## WHAT YOU ARE ASKED TO DO
Taking the listing below line by line, tally those that contain the string "outdoors". Give the total alone.
-------- INPUT
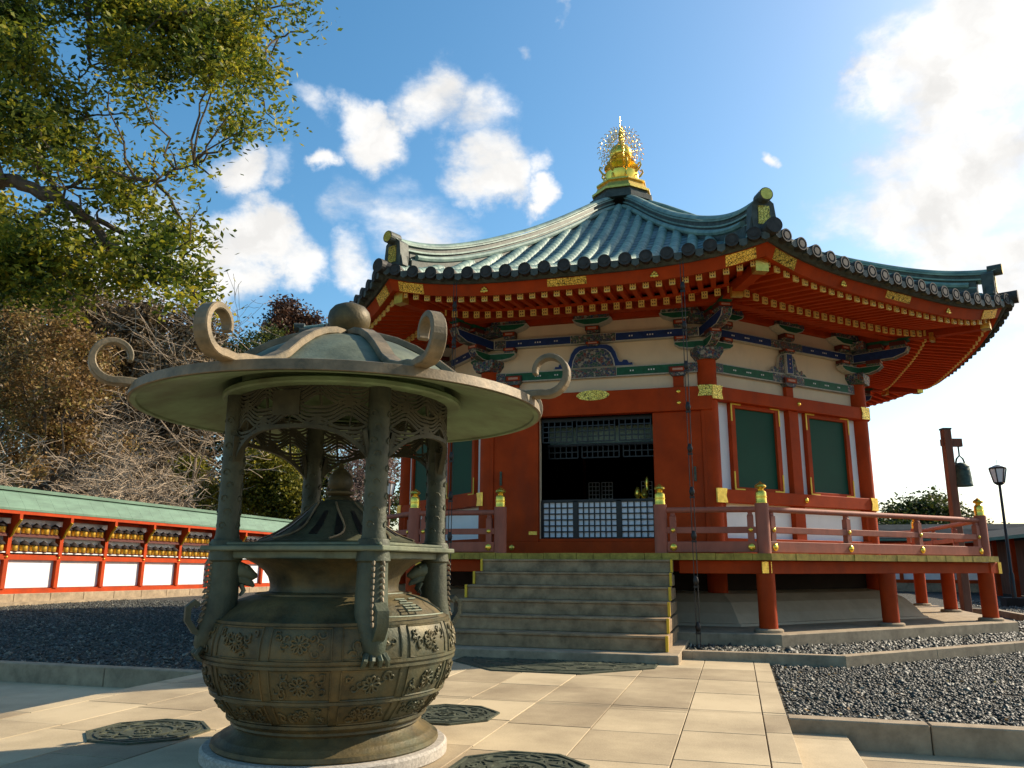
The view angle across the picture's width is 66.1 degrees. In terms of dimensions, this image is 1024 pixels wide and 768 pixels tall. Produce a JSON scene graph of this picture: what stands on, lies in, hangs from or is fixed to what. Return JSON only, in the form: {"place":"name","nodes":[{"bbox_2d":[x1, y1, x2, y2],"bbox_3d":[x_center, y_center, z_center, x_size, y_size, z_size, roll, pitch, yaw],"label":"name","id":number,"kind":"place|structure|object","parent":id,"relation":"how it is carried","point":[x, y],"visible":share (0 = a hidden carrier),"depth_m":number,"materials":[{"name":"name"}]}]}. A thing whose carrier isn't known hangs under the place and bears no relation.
{"place":"outdoors","nodes":[
{"label":"outdoors","id":0,"kind":"place"},
{"bbox_2d":[0,681,124,713],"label":"pavement","id":1,"kind":"structure","parent":0,"point":[14,696],"depth_m":8.10,"materials":[{"name":"stone"}]},
{"bbox_2d":[0,465,212,509],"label":"hill","id":2,"kind":"structure","parent":0,"point":[158,498],"depth_m":47.16,"materials":[{"name":"brown plant"}]},
{"bbox_2d":[44,301,226,456],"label":"woodland","id":3,"kind":"object","parent":2,"relation":"on","point":[156,364],"depth_m":59.00,"materials":[{"name":"brown plant"}]},
{"bbox_2d":[6,401,400,530],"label":"woodland","id":4,"kind":"object","parent":2,"relation":"on","point":[393,504],"visible":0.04,"depth_m":70.09,"materials":[{"name":"green plant"}]},
{"bbox_2d":[0,657,802,767],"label":"path","id":5,"kind":"structure","parent":0,"point":[631,719],"depth_m":5.80,"materials":[{"name":"stone"}]},
{"bbox_2d":[88,301,570,767],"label":"incense burner","id":6,"kind":"object","parent":5,"relation":"on","point":[333,647],"visible":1,"depth_m":4.58,"materials":[{"name":"metal"}]},
{"bbox_2d":[0,591,1023,725],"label":"gravel court","id":7,"kind":"object","parent":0,"point":[935,598],"depth_m":10.37,"materials":[{"name":"grey gravel"}]},
{"bbox_2d":[0,599,202,669],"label":"gravel","id":8,"kind":"structure","parent":7,"relation":"on","point":[124,611],"depth_m":13.04,"materials":[{"name":"grey gravel"}]},
{"bbox_2d":[387,481,395,526],"bbox_3d":[-4.644,5.649,29.471,0.600,4.380,0.600,-3,-13,15],"label":"lantern lamp post","id":9,"kind":"object","parent":7,"relation":"on","point":[391,488],"visible":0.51,"depth_m":29.70,"materials":[{"name":"black glass"}]},
{"bbox_2d":[450,559,688,664],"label":"stone staircase","id":10,"kind":"structure","parent":7,"relation":"on","point":[610,610],"depth_m":10.43,"materials":[{"name":"stone"}]},
{"bbox_2d":[293,116,1018,647],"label":"octagonal hall","id":11,"kind":"structure","parent":7,"relation":"on","point":[803,358],"depth_m":14.10,"materials":[{"name":"wood"}]},
{"bbox_2d":[447,282,456,610],"bbox_3d":[-0.919,1.048,11.969,0.076,5.480,0.080,-3,-13,15],"label":"rain chain","id":12,"kind":"object","parent":11,"relation":"hanging from","point":[451,458],"visible":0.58,"depth_m":11.91,"materials":[{"name":"grey metal"}]},
{"bbox_2d":[493,421,539,541],"bbox_3d":[0.080,1.728,14.256,0.830,2.220,0.160,-3,-13,15],"label":"door leaf","id":13,"kind":"structure","parent":11,"relation":"in","point":[517,454],"depth_m":14.19,"materials":[{"name":"paint"}]},
{"bbox_2d":[541,414,654,538],"bbox_3d":[1.575,1.702,14.246,2.040,2.160,0.530,-3,-13,15],"label":"lattice door","id":14,"kind":"structure","parent":11,"relation":"in","point":[575,507],"depth_m":14.05,"materials":[{"name":"black paint"}]},
{"bbox_2d":[652,410,706,540],"bbox_3d":[2.864,1.569,13.499,0.830,2.220,0.160,-3,-13,15],"label":"door leaf","id":15,"kind":"structure","parent":11,"relation":"in","point":[670,441],"depth_m":13.49,"materials":[{"name":"paint"}]},
{"bbox_2d":[680,264,700,647],"bbox_3d":[2.492,0.854,11.041,0.076,5.480,0.080,-3,-13,15],"label":"rain chain","id":16,"kind":"object","parent":11,"relation":"hanging from","point":[691,489],"visible":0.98,"depth_m":10.99,"materials":[{"name":"grey metal"}]},
{"bbox_2d":[387,482,1004,633],"bbox_3d":[2.769,4.018,18.148,13.674,2.128,13.674,-3,-13,15],"label":"veranda","id":17,"kind":"object","parent":11,"relation":"on","point":[916,556],"visible":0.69,"depth_m":12.25,"materials":[{"name":"paint"}]},
{"bbox_2d":[683,607,1023,667],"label":"kerb","id":18,"kind":"structure","parent":7,"relation":"on","point":[855,660],"depth_m":9.52,"materials":[{"name":"stone"}]},
{"bbox_2d":[685,619,1023,654],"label":"gravel","id":19,"kind":"structure","parent":7,"relation":"on","point":[917,642],"depth_m":10.82,"materials":[{"name":"grey gravel"}]},
{"bbox_2d":[771,651,1023,726],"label":"gravel","id":20,"kind":"structure","parent":7,"relation":"on","point":[984,680],"depth_m":7.46,"materials":[{"name":"grey gravel"}]},
{"bbox_2d":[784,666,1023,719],"bbox_3d":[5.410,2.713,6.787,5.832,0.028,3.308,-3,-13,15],"label":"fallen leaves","id":21,"kind":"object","parent":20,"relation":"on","point":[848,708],"visible":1,"depth_m":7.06,"materials":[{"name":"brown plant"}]},
{"bbox_2d":[877,485,1009,524],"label":"pine tree","id":22,"kind":"object","parent":7,"relation":"on","point":[935,506],"visible":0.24,"depth_m":59.15,"materials":[{"name":"green plant"}]},
{"bbox_2d":[878,524,1023,591],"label":"back cloister","id":23,"kind":"structure","parent":7,"relation":"on","point":[904,582],"depth_m":35.85,"materials":[{"name":"white paint"}]},
{"bbox_2d":[939,428,972,612],"bbox_3d":[10.886,3.304,19.116,0.500,4.510,0.210,0,-13,1],"label":"bell post","id":24,"kind":"object","parent":7,"relation":"on","point":[948,442],"visible":0.7,"depth_m":19.20,"materials":[{"name":"brown wood"}]},
{"bbox_2d":[955,447,973,486],"bbox_3d":[11.052,2.032,19.404,0.460,0.980,0.460,-3,-13,15],"label":"bronze bell","id":25,"kind":"object","parent":24,"relation":"hanging from","point":[963,476],"visible":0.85,"depth_m":19.20,"materials":[{"name":"green metal"}]},
{"bbox_2d":[957,600,1023,613],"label":"gravel","id":26,"kind":"structure","parent":7,"relation":"on","point":[978,603],"depth_m":22.33,"materials":[{"name":"grey gravel"}]},
{"bbox_2d":[964,526,1023,596],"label":"side cloister","id":27,"kind":"structure","parent":7,"relation":"on","point":[998,546],"depth_m":31.11,"materials":[{"name":"red wood"}]},
{"bbox_2d":[988,460,1023,606],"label":"lantern lamp post","id":28,"kind":"object","parent":7,"relation":"on","point":[997,474],"visible":0.98,"depth_m":23.40,"materials":[{"name":"metal"}]},
{"bbox_2d":[0,0,1023,530],"label":"sky","id":29,"kind":"structure","parent":0,"point":[889,132],"materials":[{"name":"blue"}]},
{"bbox_2d":[670,664,771,767],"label":"path bed","id":30,"kind":"object","parent":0,"point":[762,717],"depth_m":5.75,"materials":[{"name":"grey stone"}]},
{"bbox_2d":[85,718,210,744],"bbox_3d":[-2.469,2.366,5.347,0.750,0.034,0.750,-3,-13,15],"label":"cast iron plate","id":31,"kind":"object","parent":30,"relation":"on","point":[142,732],"visible":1,"depth_m":5.31,"materials":[{"name":"grey metal"}]},
{"bbox_2d":[421,704,499,725],"bbox_3d":[-0.496,2.526,6.005,0.750,0.034,0.750,-3,-13,15],"label":"cast iron plate","id":32,"kind":"object","parent":30,"relation":"on","point":[447,714],"visible":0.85,"depth_m":5.98,"materials":[{"name":"grey metal"}]},
{"bbox_2d":[448,750,589,767],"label":"cast iron plate","id":33,"kind":"object","parent":30,"relation":"on","point":[514,759],"visible":1,"depth_m":4.57,"materials":[{"name":"grey metal"}]},
{"bbox_2d":[453,656,658,674],"bbox_3d":[0.567,3.313,9.440,2.365,0.034,2.365,-3,-13,15],"label":"cast iron plate","id":34,"kind":"object","parent":30,"relation":"on","point":[557,666],"visible":0.56,"depth_m":8.85,"materials":[{"name":"grey metal"}]},
{"bbox_2d":[792,733,866,767],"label":"path side step","id":35,"kind":"object","parent":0,"point":[825,751],"visible":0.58,"depth_m":5.31,"materials":[{"name":"stone"}]},
{"bbox_2d":[857,751,1023,767],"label":"pavement","id":36,"kind":"structure","parent":0,"point":[882,760],"depth_m":5.47,"materials":[{"name":"stone"}]},
{"label":"ground","id":37,"kind":"structure","parent":0,"visible":0},
{"bbox_2d":[0,436,58,488],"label":"bare tree","id":38,"kind":"object","parent":37,"relation":"on","point":[24,462],"visible":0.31,"depth_m":24.95,"materials":[{"name":"brown plant"}]},
{"bbox_2d":[0,450,87,495],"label":"bare tree","id":39,"kind":"object","parent":37,"relation":"on","point":[9,482],"visible":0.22,"depth_m":25.64,"materials":[{"name":"brown plant"}]},
{"bbox_2d":[0,188,99,488],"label":"evergreen tree","id":40,"kind":"object","parent":37,"relation":"on","point":[1,421],"visible":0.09,"depth_m":41.96,"materials":[{"name":"green plant"}]},
{"bbox_2d":[0,297,153,491],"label":"oak tree","id":41,"kind":"object","parent":37,"relation":"on","point":[15,371],"visible":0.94,"depth_m":31.19,"materials":[{"name":"brown plant"}]},
{"bbox_2d":[0,660,201,687],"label":"kerb","id":42,"kind":"structure","parent":37,"relation":"on","point":[111,676],"depth_m":8.65,"materials":[{"name":"stone"}]},
{"bbox_2d":[0,308,203,495],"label":"bare tree","id":43,"kind":"object","parent":37,"relation":"on","point":[72,470],"visible":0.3,"depth_m":34.36,"materials":[{"name":"brown plant"}]},
{"bbox_2d":[11,422,211,504],"bbox_3d":[-14.801,4.771,29.945,7.066,6.533,6.918,-3,-13,15],"label":"bare tree","id":44,"kind":"object","parent":37,"relation":"on","point":[116,483],"visible":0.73,"depth_m":29.69,"materials":[{"name":"brown plant"}]},
{"bbox_2d":[0,273,248,505],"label":"bare tree","id":45,"kind":"object","parent":37,"relation":"on","point":[137,344],"visible":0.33,"depth_m":46.40,"materials":[{"name":"brown plant"}]},
{"bbox_2d":[47,416,217,508],"bbox_3d":[-16.922,5.003,33.107,9.321,7.490,5.732,2,-13,-6],"label":"bare tree","id":46,"kind":"object","parent":37,"relation":"on","point":[166,480],"visible":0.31,"depth_m":33.43,"materials":[{"name":"brown plant"}]},
{"bbox_2d":[0,485,292,606],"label":"lantern wall","id":47,"kind":"structure","parent":37,"relation":"on","point":[38,577],"depth_m":24.08,"materials":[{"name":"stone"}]},
{"bbox_2d":[0,539,5,550],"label":"brass lantern","id":48,"kind":"object","parent":47,"relation":"in","point":[2,542],"visible":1,"depth_m":20.77,"materials":[{"name":"gold metal"}]},
{"bbox_2d":[0,521,7,532],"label":"brass lantern","id":49,"kind":"object","parent":47,"relation":"in","point":[3,524],"visible":1,"depth_m":20.84,"materials":[{"name":"brown paint"}]},
{"bbox_2d":[10,539,19,551],"bbox_3d":[-13.429,4.351,21.221,0.276,0.324,0.283,-3,-13,15],"label":"brass lantern","id":50,"kind":"object","parent":47,"relation":"in","point":[14,545],"visible":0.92,"depth_m":21.15,"materials":[{"name":"gold metal"}]},
{"bbox_2d":[14,524,21,533],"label":"brass lantern","id":51,"kind":"object","parent":47,"relation":"in","point":[17,531],"visible":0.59,"depth_m":21.27,"materials":[{"name":"brown paint"}]},
{"bbox_2d":[18,540,29,551],"bbox_3d":[-13.344,4.423,21.521,0.276,0.324,0.283,-3,-13,15],"label":"brass lantern","id":52,"kind":"object","parent":47,"relation":"in","point":[23,546],"visible":0.97,"depth_m":21.44,"materials":[{"name":"gold metal"}]},
{"bbox_2d":[21,522,31,533],"bbox_3d":[-13.341,3.964,21.625,0.276,0.324,0.283,-3,-13,15],"label":"brass lantern","id":53,"kind":"object","parent":47,"relation":"in","point":[26,526],"visible":0.98,"depth_m":21.54,"materials":[{"name":"brown paint"}]},
{"bbox_2d":[28,540,38,551],"bbox_3d":[-13.258,4.495,21.821,0.276,0.324,0.283,-3,-13,15],"label":"brass lantern","id":54,"kind":"object","parent":47,"relation":"in","point":[33,545],"visible":0.98,"depth_m":21.74,"materials":[{"name":"gold metal"}]},
{"bbox_2d":[30,523,41,534],"bbox_3d":[-13.255,4.037,21.925,0.276,0.324,0.283,-3,-13,15],"label":"brass lantern","id":55,"kind":"object","parent":47,"relation":"in","point":[36,528],"visible":0.98,"depth_m":21.84,"materials":[{"name":"brown paint"}]},
{"bbox_2d":[38,541,48,552],"bbox_3d":[-13.172,4.567,22.121,0.276,0.324,0.283,-3,-13,15],"label":"brass lantern","id":56,"kind":"object","parent":47,"relation":"in","point":[43,545],"visible":0.94,"depth_m":22.04,"materials":[{"name":"gold metal"}]},
{"bbox_2d":[41,524,50,535],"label":"brass lantern","id":57,"kind":"object","parent":47,"relation":"in","point":[45,528],"visible":0.98,"depth_m":22.14,"materials":[{"name":"brown paint"}]},
{"bbox_2d":[47,541,57,552],"bbox_3d":[-13.086,4.639,22.421,0.276,0.324,0.283,-3,-13,15],"label":"brass lantern","id":58,"kind":"object","parent":47,"relation":"in","point":[52,546],"visible":0.99,"depth_m":22.34,"materials":[{"name":"gold metal"}]},
{"bbox_2d":[49,524,59,535],"bbox_3d":[-13.084,4.181,22.526,0.276,0.324,0.283,-3,-13,15],"label":"brass lantern","id":59,"kind":"object","parent":47,"relation":"in","point":[55,529],"visible":0.98,"depth_m":22.44,"materials":[{"name":"brown paint"}]},
{"bbox_2d":[62,542,69,552],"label":"brass lantern","id":60,"kind":"object","parent":47,"relation":"in","point":[66,546],"visible":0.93,"depth_m":22.76,"materials":[{"name":"gold metal"}]},
{"bbox_2d":[66,528,72,536],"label":"brass lantern","id":61,"kind":"object","parent":47,"relation":"in","point":[68,533],"visible":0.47,"depth_m":22.89,"materials":[{"name":"brown paint"}]},
{"bbox_2d":[69,542,78,552],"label":"brass lantern","id":62,"kind":"object","parent":47,"relation":"in","point":[73,547],"visible":0.97,"depth_m":23.05,"materials":[{"name":"gold metal"}]},
{"bbox_2d":[70,526,80,536],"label":"brass lantern","id":63,"kind":"object","parent":47,"relation":"in","point":[75,531],"visible":0.98,"depth_m":23.15,"materials":[{"name":"brown paint"}]},
{"bbox_2d":[78,542,86,553],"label":"brass lantern","id":64,"kind":"object","parent":47,"relation":"in","point":[82,547],"visible":0.95,"depth_m":23.35,"materials":[{"name":"gold metal"}]},
{"bbox_2d":[80,526,88,537],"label":"brass lantern","id":65,"kind":"object","parent":47,"relation":"in","point":[84,531],"visible":0.94,"depth_m":23.46,"materials":[{"name":"brown paint"}]},
{"bbox_2d":[85,543,95,553],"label":"brass lantern","id":66,"kind":"object","parent":47,"relation":"in","point":[90,548],"visible":0.99,"depth_m":23.65,"materials":[{"name":"gold metal"}]},
{"bbox_2d":[87,527,96,537],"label":"brass lantern","id":67,"kind":"object","parent":47,"relation":"in","point":[92,532],"visible":0.98,"depth_m":23.75,"materials":[{"name":"brown paint"}]},
{"bbox_2d":[94,543,103,553],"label":"brass lantern","id":68,"kind":"object","parent":47,"relation":"in","point":[98,548],"visible":0.95,"depth_m":23.95,"materials":[{"name":"gold metal"}]},
{"bbox_2d":[96,528,104,537],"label":"brass lantern","id":69,"kind":"object","parent":47,"relation":"in","point":[100,532],"visible":0.94,"depth_m":24.06,"materials":[{"name":"brown paint"}]},
{"bbox_2d":[107,544,113,553],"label":"brass lantern","id":70,"kind":"object","parent":47,"relation":"in","point":[110,549],"visible":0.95,"depth_m":24.38,"materials":[{"name":"gold metal"}]},
{"bbox_2d":[112,544,121,554],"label":"brass lantern","id":71,"kind":"object","parent":47,"relation":"in","point":[116,549],"visible":0.94,"depth_m":24.66,"materials":[{"name":"gold metal"}]},
{"bbox_2d":[114,529,122,538],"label":"brass lantern","id":72,"kind":"object","parent":47,"relation":"in","point":[118,533],"visible":0.95,"depth_m":24.77,"materials":[{"name":"brown paint"}]},
{"bbox_2d":[120,544,128,554],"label":"brass lantern","id":73,"kind":"object","parent":47,"relation":"in","point":[124,549],"visible":0.94,"depth_m":24.97,"materials":[{"name":"gold metal"}]},
{"bbox_2d":[122,529,130,539],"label":"brass lantern","id":74,"kind":"object","parent":47,"relation":"in","point":[125,534],"visible":0.92,"depth_m":25.06,"materials":[{"name":"gold metal"}]},
{"bbox_2d":[128,545,135,554],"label":"brass lantern","id":75,"kind":"object","parent":47,"relation":"in","point":[131,549],"visible":0.97,"depth_m":25.27,"materials":[{"name":"gold metal"}]},
{"bbox_2d":[129,530,137,539],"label":"brass lantern","id":76,"kind":"object","parent":47,"relation":"in","point":[132,535],"visible":0.96,"depth_m":25.37,"materials":[{"name":"gold metal"}]},
{"bbox_2d":[135,545,142,554],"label":"brass lantern","id":77,"kind":"object","parent":47,"relation":"in","point":[138,549],"visible":0.96,"depth_m":25.57,"materials":[{"name":"gold metal"}]},
{"bbox_2d":[136,530,144,540],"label":"brass lantern","id":78,"kind":"object","parent":47,"relation":"in","point":[139,536],"visible":0.95,"depth_m":25.67,"materials":[{"name":"gold metal"}]},
{"bbox_2d":[146,546,152,555],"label":"brass lantern","id":79,"kind":"object","parent":47,"relation":"in","point":[149,548],"visible":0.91,"depth_m":25.99,"materials":[{"name":"gold metal"}]},
{"bbox_2d":[151,546,158,555],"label":"brass lantern","id":80,"kind":"object","parent":47,"relation":"in","point":[154,551],"visible":0.91,"depth_m":26.27,"materials":[{"name":"gold metal"}]},
{"bbox_2d":[153,532,160,541],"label":"brass lantern","id":81,"kind":"object","parent":47,"relation":"in","point":[156,536],"visible":0.95,"depth_m":26.38,"materials":[{"name":"gold metal"}]},
{"bbox_2d":[158,546,165,555],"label":"brass lantern","id":82,"kind":"object","parent":47,"relation":"in","point":[161,550],"visible":0.94,"depth_m":26.58,"materials":[{"name":"gold metal"}]},
{"bbox_2d":[159,532,166,541],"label":"brass lantern","id":83,"kind":"object","parent":47,"relation":"in","point":[162,537],"visible":0.97,"depth_m":26.68,"materials":[{"name":"gold metal"}]},
{"bbox_2d":[164,546,171,555],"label":"brass lantern","id":84,"kind":"object","parent":47,"relation":"in","point":[167,552],"visible":0.94,"depth_m":26.88,"materials":[{"name":"gold metal"}]},
{"bbox_2d":[166,533,173,541],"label":"brass lantern","id":85,"kind":"object","parent":47,"relation":"in","point":[169,537],"visible":0.92,"depth_m":26.98,"materials":[{"name":"gold metal"}]},
{"bbox_2d":[171,547,177,555],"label":"brass lantern","id":86,"kind":"object","parent":47,"relation":"in","point":[174,551],"visible":0.92,"depth_m":27.18,"materials":[{"name":"gold metal"}]},
{"bbox_2d":[172,533,179,542],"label":"brass lantern","id":87,"kind":"object","parent":47,"relation":"in","point":[175,537],"visible":0.88,"depth_m":27.28,"materials":[{"name":"gold metal"}]},
{"bbox_2d":[181,547,186,556],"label":"brass lantern","id":88,"kind":"object","parent":47,"relation":"in","point":[183,552],"visible":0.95,"depth_m":27.60,"materials":[{"name":"brown paint"}]},
{"bbox_2d":[185,547,192,556],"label":"brass lantern","id":89,"kind":"object","parent":47,"relation":"in","point":[188,552],"visible":0.94,"depth_m":27.88,"materials":[{"name":"gold metal"}]},
{"bbox_2d":[186,534,193,542],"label":"brass lantern","id":90,"kind":"object","parent":47,"relation":"in","point":[190,538],"visible":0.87,"depth_m":27.99,"materials":[{"name":"gold metal"}]},
{"bbox_2d":[191,548,197,556],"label":"brass lantern","id":91,"kind":"object","parent":47,"relation":"in","point":[194,552],"visible":0.89,"depth_m":28.18,"materials":[{"name":"brown paint"}]},
{"bbox_2d":[192,534,198,543],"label":"brass lantern","id":92,"kind":"object","parent":47,"relation":"in","point":[195,538],"visible":0.93,"depth_m":28.30,"materials":[{"name":"gold metal"}]},
{"bbox_2d":[197,548,203,556],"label":"brass lantern","id":93,"kind":"object","parent":47,"relation":"in","point":[199,553],"visible":0.74,"depth_m":28.48,"materials":[{"name":"brown paint"}]},
{"bbox_2d":[198,535,204,543],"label":"brass lantern","id":94,"kind":"object","parent":47,"relation":"in","point":[201,539],"visible":0.9,"depth_m":28.59,"materials":[{"name":"gold metal"}]},
{"bbox_2d":[202,551,208,556],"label":"brass lantern","id":95,"kind":"object","parent":47,"relation":"in","point":[205,553],"visible":0.59,"depth_m":28.78,"materials":[{"name":"brown paint"}]},
{"bbox_2d":[204,535,210,543],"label":"brass lantern","id":96,"kind":"object","parent":47,"relation":"in","point":[206,539],"visible":0.91,"depth_m":28.89,"materials":[{"name":"gold metal"}]},
{"bbox_2d":[12,268,299,507],"bbox_3d":[-15.889,1.922,37.135,13.016,15.290,12.521,-3,-13,15],"label":"bare tree","id":97,"kind":"object","parent":37,"relation":"on","point":[195,472],"visible":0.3,"depth_m":37.17,"materials":[{"name":"brown plant"}]},
{"bbox_2d":[0,0,342,332],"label":"camphor tree","id":98,"kind":"object","parent":37,"relation":"on","point":[215,47],"visible":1,"depth_m":13.20,"materials":[{"name":"green plant"}]},
{"bbox_2d":[168,441,324,519],"bbox_3d":[-13.193,6.467,39.838,8.703,7.640,4.222,-1,-13,4],"label":"clipped bush","id":99,"kind":"object","parent":37,"relation":"on","point":[271,493],"visible":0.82,"depth_m":39.26,"materials":[{"name":"green plant"}]},
{"bbox_2d":[163,316,333,514],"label":"evergreen tree","id":100,"kind":"object","parent":37,"relation":"on","point":[261,337],"visible":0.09,"depth_m":51.26,"materials":[{"name":"green plant"}]},
{"bbox_2d":[250,294,327,340],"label":"conifer tree","id":101,"kind":"object","parent":37,"relation":"on","point":[288,314],"visible":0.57,"depth_m":77.73,"materials":[{"name":"brown plant"}]},
{"bbox_2d":[214,342,363,499],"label":"bare tree","id":102,"kind":"object","parent":37,"relation":"on","point":[329,461],"visible":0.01,"depth_m":56.59,"materials":[{"name":"brown plant"}]},
{"bbox_2d":[324,444,400,504],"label":"cherry tree","id":103,"kind":"object","parent":37,"relation":"on","point":[358,480],"visible":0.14,"depth_m":44.44,"materials":[{"name":"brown plant"}]},
{"bbox_2d":[787,714,1023,760],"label":"kerb","id":104,"kind":"structure","parent":37,"relation":"on","point":[997,742],"depth_m":5.71,"materials":[{"name":"stone"}]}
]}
----------------
## ANSWER FOR THE TASK
2